## [EXCERPTED DATA]
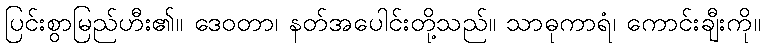
ပြင်းစွာမြည်ဟီး၏။ ဒေဝတာ၊ နတ်အပေါင်းတို့သည်။ သာဓုကာရံ၊ ကောင်းချီးကို။
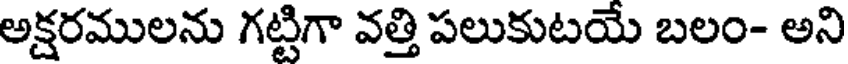
అక్షరములను గట్టిగా వత్తి పలుకుటయే బలం- అని
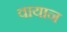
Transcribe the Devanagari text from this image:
वायान
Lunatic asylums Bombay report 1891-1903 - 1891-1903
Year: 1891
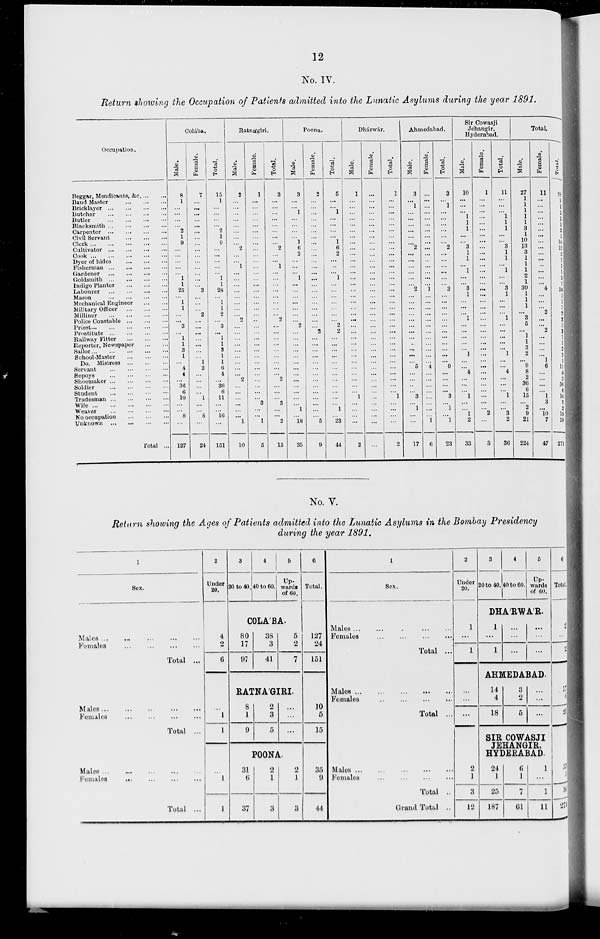
12
No. IV.
Return showing the Occupation of Patients admitted into the Lunatic Asylums during the year 1891.
Occupation.
Beggar, Mendicants, &c. ... ...
Band Master
...
...
...
Bricklayer
...
...
...
...
Butcher
...
...
...
...
Butler
...
...
...
...
Blacksmith
...
...
...
...
Carpenter
...
...
...
...
Civil Servant ... ... ...
Clerk
...
...
...
...
...
Cultivator
...
...
...
...
Cook
...
...
...
...
...
Dyer of hides ... ... ...
Fisherman ... ... ... ...
Gardener ... ... ... ...
Goldsmith
...
...
...
...
Indigo Planter
...
...
...
Labourer
...
...
...
...
Mason
...
...
...
...
Mechanical Engineer ... ...
Military Officer ... ... ...
Milliner
...
...
...
...
Police Constable ... ... ...
Priest
...
...
...
...
...
Prostitute ... ... ... ...
Railway Fitter ... ... ...
Reporter, Newspaper
...
...
Sailor
...
...
...
...
...
School-Master ... ... ...
Do. Mistress ... ... ...
Servant
...
...
...
...
Sepoys
...
...
...
...
Shoemaker
...
...
...
...
Soldier
...
...
...
...
Student ... ... ... ...
Tradesman
...
...
...
...
Wife
...
...
...
...
...
Weaver
...
...
...
...
No occupation ... ... ...
Unknown ... ... ... ...
Total ...
Colába.
Male.
8
1
...
...
...
...
2
1
9
...
...
...
...
...
1
1
25
...
1
1
...
...
3
...
1
1
3
1
...
4
4
...
36
6
10
...
...
8
...
127
Female.
7
...
...
...
...
...
...
...
...
...
...
...
...
...
...
...
3
...
...
...
2
...
...
...
...
...
...
...
1
2
...
...
...
...
1
...
...
8
...
24
Total.
15
1
...
...
...
...
2
1
9
...
...
...
...
...
1
1
28
...
1
1
2
...
3
...
1
1
3
1
1
6
4
...
36
6
11
...
...
16
...
151
Ratnágiri.
Male.
2
...
...
...
...
...
...
...
...
2
...
...
1
...
...
...
...
...
...
...
...
2
...
...
...
...
...
...
...
...
...
2
...
...
...
...
...
...
1
10
Female.
1
...
...
...
...
...
...
...
...
...
...
...
...
...
...
...
...
...
...
...
...
...
...
...
...
...
...
...
...
...
...
...
...
...
...
3
...
...
1
5
Total.
3
...
...
...
...
...
...
...
...
2
...
...
1
...
...
...
...
...
...
...
... 2
...
...
...
...
...
...
...
...
...
2
...
...
...
3
...
...
2
15
Poona.
Male.
3
...
...
1
...
...
...
...
1
6
2
...
...
...
1
...
...
...
...
...
...
...
2
...
...
...
...
...
...
...
...
...
...
...
...
...
1
...
18
35
Female.
2
...
...
...
...
...
...
...
...
...
...
...
...
...
...
...
...
...
...
...
...
...
...
2
...
...
...
...
...
...
...
...
...
...
...
...
...
...
5
9
Total.
5
...
...
1
...
...
...
... 1
6
2
...
...
...
1
...
...
...
...
...
...
...
2
2
...
...
...
...
...
...
...
...
...
...
...
...
1
...
23
44
Dhárwár.
Male.
1
...
...
...
...
...
...
...
...
...
...
...
...
...
...
...
...
...
...
...
...
...
...
...
...
...
...
...
...
...
...
...
...
...
1
...
...
...
...
2
Female.
...
...
...
...
...
...
...
...
...
...
...
...
...
...
...
...
...
...
...
...
...
...
...
...
...
...
...
...
...
...
...
...
...
...
...
...
...
...
...
...
Total.
1
...
...
...
...
...
...
...
...
...
...
...
...
...
...
...
...
...
...
...
...
...
...
...
...
...
...
...
...
...
...
...
...
...
1
...
...
...
...
2
Ahmedabad.
Male.
3
...
1
...
...
...
...
...
...
2
...
...
...
...
...
...
2
...
...
...
...
...
...
...
...
...
...
...
...
5
...
...
...
...
3
...
1
...
...
17
Female.
...
...
...
...
...
...
...
...
...
...
...
...
...
...
...
...
1
...
...
...
...
...
...
...
...
...
...
...
...
4
...
...
...
...
...
...
...
...
1
6
Total.
3
...
1
...
...
...
...
...
...
2
...
...
...
...
...
...
3
...
...
...
...
...
...
...
...
...
...
...
...
9
...
...
...
...
3
...
1
...
1
23
Sir Cowasji
Jehangir,
Hyderabad.
Male.
10
...
...
...
1
1
1
...
...
3
1
1
...
1
...
...
3
1
...
...
... 1
...
...
...
...
...
1
...
...
4
...
...
...
1
...
...
1
2
33
Female.
1
...
...
...
...
...
...
...
...
...
...
...
...
...
...
...
...
...
...
...
...
...
...
...
...
...
...
...
...
...
...
...
...
...
...
...
...
2
...
3
Total.
11
...
...
...
1
1
1
...
...
3
1
1
...
1
...
...
3
1
...
...
...
1
...
...
...
...
... 1
...
...
4
...
...
...
1
...
...
3
2
36
Total.
Male.
27
1
1
1
1
1
3
1
10
13
3
1
1
1
2
1
30
1
1
1
...
3
5
...
1
1
3
2
...
9
8
2
36
6
15
...
2
9
21
224
Female.
11
...
...
...
...
...
...
...
...
...
...
...
...
...
...
...
4
...
...
...
2
...
...
2
...
...
...
...
1
6
...
...
...
...
1
3
...
10
7
47
Total.
38
1
1
1
1
1
3
1
10
13
3
1
1
1
2
1
34
1
1
1
2
3
5
2
1
1
3
2
1
15
8
2
36
6
16
3
2
19
28
271
No. V.
Return showing the Ages of Patients admitted into the Lunatic Asylums in the Bombay Presidency
during the year 1891.
1
Sex.
Males
...
...
...
...
...
Females
...
...
...
...
Total ...
Males
...
...
...
...
...
Females ... ... ... ...
Total ...
Males ... ... ... ... ...
Females ... ... ... ...
Total ...
2
Under
20.
4
2
6
...
1
1
...
1
1
3
20 to 40.
4
40 to 60.
5
Up-
wards
of 60.
COLÁBA.
80
17
97
38
3
41
5
2
7
RATNÁGIRI.
8
1
9
2
3
5
...
...
...
POONA.
31
6
37
2
1
3
2
1
3
6
Total.
127
24
151
10
5
15
35
9
44
1
Sex.
Males
...
...
...
...
...
Females
... ... ... ...
Total ...
Males
...
...
...
...
...
Females
...
...
...
...
Total ...
Males
...
...
...
...
...
Females
...
...
...
...
Total ..
Grand Total ..
2
Under
20.
1
...
1
...
...
...
2
1
3
12
3
20 to 40.
4
40 to 60.
5
Up-
wards
of 60.
DHARWÁR.
1
...
1
...
...
...
...
...
...
AHMEDABAD.
14
4
18
3
2
5
...
...
...
SIR COWASJI
JEHANGIR,
HYDERABAD.
24
1
25
187
6
1
7
61
1
...
1
11
6
Total.
2
...
2
17
6
23
33
3
36
271

## [ABOUT THIS TASK]
Retype the records above exactly, pictures omitted.

## [RESPONSE TO THIS EXERCISE]
ပြင်းစွာမြည်ဟီး၏။ ဒေဝတာ၊ နတ်အပေါင်းတို့သည်။ သာဓုကာရံ၊ ကောင်းချီးကို။
అక్షరములను గట్టిగా వత్తి పలుకుటయే బలం- అని
Transcribe the Devanagari text from this image:
वायान
Lunatic asylums Bombay report 1891-1903 - 1891-1903
Year: 1891
12
No. IV.
Return showing the Occupation of Patients admitted into the Lunatic Asylums during the year 1891.
Occupation.
Beggar, Mendicants, &c. ... ...
Band Master
...
...
...
Bricklayer
...
...
...
...
Butcher
...
...
...
...
Butler
...
...
...
...
Blacksmith
...
...
...
...
Carpenter
...
...
...
...
Civil Servant ... ... ...
Clerk
...
...
...
...
...
Cultivator
...
...
...
...
Cook
...
...
...
...
...
Dyer of hides ... ... ...
Fisherman ... ... ... ...
Gardener ... ... ... ...
Goldsmith
...
...
...
...
Indigo Planter
...
...
...
Labourer
...
...
...
...
Mason
...
...
...
...
Mechanical Engineer ... ...
Military Officer ... ... ...
Milliner
...
...
...
...
Police Constable ... ... ...
Priest
...
...
...
...
...
Prostitute ... ... ... ...
Railway Fitter ... ... ...
Reporter, Newspaper
...
...
Sailor
...
...
...
...
...
School-Master ... ... ...
Do. Mistress ... ... ...
Servant
...
...
...
...
Sepoys
...
...
...
...
Shoemaker
...
...
...
...
Soldier
...
...
...
...
Student ... ... ... ...
Tradesman
...
...
...
...
Wife
...
...
...
...
...
Weaver
...
...
...
...
No occupation ... ... ...
Unknown ... ... ... ...
Total ...
Colába.
Male.
8
1
...
...
...
...
2
1
9
...
...
...
...
...
1
1
25
...
1
1
...
...
3
...
1
1
3
1
...
4
4
...
36
6
10
...
...
8
...
127
Female.
7
...
...
...
...
...
...
...
...
...
...
...
...
...
...
...
3
...
...
...
2
...
...
...
...
...
...
...
1
2
...
...
...
...
1
...
...
8
...
24
Total.
15
1
...
...
...
...
2
1
9
...
...
...
...
...
1
1
28
...
1
1
2
...
3
...
1
1
3
1
1
6
4
...
36
6
11
...
...
16
...
151
Ratnágiri.
Male.
2
...
...
...
...
...
...
...
...
2
...
...
1
...
...
...
...
...
...
...
...
2
...
...
...
...
...
...
...
...
...
2
...
...
...
...
...
...
1
10
Female.
1
...
...
...
...
...
...
...
...
...
...
...
...
...
...
...
...
...
...
...
...
...
...
...
...
...
...
...
...
...
...
...
...
...
...
3
...
...
1
5
Total.
3
...
...
...
...
...
...
...
...
2
...
...
1
...
...
...
...
...
...
...
... 2
...
...
...
...
...
...
...
...
...
2
...
...
...
3
...
...
2
15
Poona.
Male.
3
...
...
1
...
...
...
...
1
6
2
...
...
...
1
...
...
...
...
...
...
...
2
...
...
...
...
...
...
...
...
...
...
...
...
...
1
...
18
35
Female.
2
...
...
...
...
...
...
...
...
...
...
...
...
...
...
...
...
...
...
...
...
...
...
2
...
...
...
...
...
...
...
...
...
...
...
...
...
...
5
9
Total.
5
...
...
1
...
...
...
... 1
6
2
...
...
...
1
...
...
...
...
...
...
...
2
2
...
...
...
...
...
...
...
...
...
...
...
...
1
...
23
44
Dhárwár.
Male.
1
...
...
...
...
...
...
...
...
...
...
...
...
...
...
...
...
...
...
...
...
...
...
...
...
...
...
...
...
...
...
...
...
...
1
...
...
...
...
2
Female.
...
...
...
...
...
...
...
...
...
...
...
...
...
...
...
...
...
...
...
...
...
...
...
...
...
...
...
...
...
...
...
...
...
...
...
...
...
...
...
...
Total.
1
...
...
...
...
...
...
...
...
...
...
...
...
...
...
...
...
...
...
...
...
...
...
...
...
...
...
...
...
...
...
...
...
...
1
...
...
...
...
2
Ahmedabad.
Male.
3
...
1
...
...
...
...
...
...
2
...
...
...
...
...
...
2
...
...
...
...
...
...
...
...
...
...
...
...
5
...
...
...
...
3
...
1
...
...
17
Female.
...
...
...
...
...
...
...
...
...
...
...
...
...
...
...
...
1
...
...
...
...
...
...
...
...
...
...
...
...
4
...
...
...
...
...
...
...
...
1
6
Total.
3
...
1
...
...
...
...
...
...
2
...
...
...
...
...
...
3
...
...
...
...
...
...
...
...
...
...
...
...
9
...
...
...
...
3
...
1
...
1
23
Sir Cowasji
Jehangir,
Hyderabad.
Male.
10
...
...
...
1
1
1
...
...
3
1
1
...
1
...
...
3
1
...
...
... 1
...
...
...
...
...
1
...
...
4
...
...
...
1
...
...
1
2
33
Female.
1
...
...
...
...
...
...
...
...
...
...
...
...
...
...
...
...
...
...
...
...
...
...
...
...
...
...
...
...
...
...
...
...
...
...
...
...
2
...
3
Total.
11
...
...
...
1
1
1
...
...
3
1
1
...
1
...
...
3
1
...
...
...
1
...
...
...
...
... 1
...
...
4
...
...
...
1
...
...
3
2
36
Total.
Male.
27
1
1
1
1
1
3
1
10
13
3
1
1
1
2
1
30
1
1
1
...
3
5
...
1
1
3
2
...
9
8
2
36
6
15
...
2
9
21
224
Female.
11
...
...
...
...
...
...
...
...
...
...
...
...
...
...
...
4
...
...
...
2
...
...
2
...
...
...
...
1
6
...
...
...
...
1
3
...
10
7
47
Total.
38
1
1
1
1
1
3
1
10
13
3
1
1
1
2
1
34
1
1
1
2
3
5
2
1
1
3
2
1
15
8
2
36
6
16
3
2
19
28
271
No. V.
Return showing the Ages of Patients admitted into the Lunatic Asylums in the Bombay Presidency
during the year 1891.
1
Sex.
Males
...
...
...
...
...
Females
...
...
...
...
Total ...
Males
...
...
...
...
...
Females ... ... ... ...
Total ...
Males ... ... ... ... ...
Females ... ... ... ...
Total ...
2
Under
20.
4
2
6
...
1
1
...
1
1
3
20 to 40.
4
40 to 60.
5
Up-
wards
of 60.
COLÁBA.
80
17
97
38
3
41
5
2
7
RATNÁGIRI.
8
1
9
2
3
5
...
...
...
POONA.
31
6
37
2
1
3
2
1
3
6
Total.
127
24
151
10
5
15
35
9
44
1
Sex.
Males
...
...
...
...
...
Females
... ... ... ...
Total ...
Males
...
...
...
...
...
Females
...
...
...
...
Total ...
Males
...
...
...
...
...
Females
...
...
...
...
Total ..
Grand Total ..
2
Under
20.
1
...
1
...
...
...
2
1
3
12
3
20 to 40.
4
40 to 60.
5
Up-
wards
of 60.
DHARWÁR.
1
...
1
...
...
...
...
...
...
AHMEDABAD.
14
4
18
3
2
5
...
...
...
SIR COWASJI
JEHANGIR,
HYDERABAD.
24
1
25
187
6
1
7
61
1
...
1
11
6
Total.
2
...
2
17
6
23
33
3
36
271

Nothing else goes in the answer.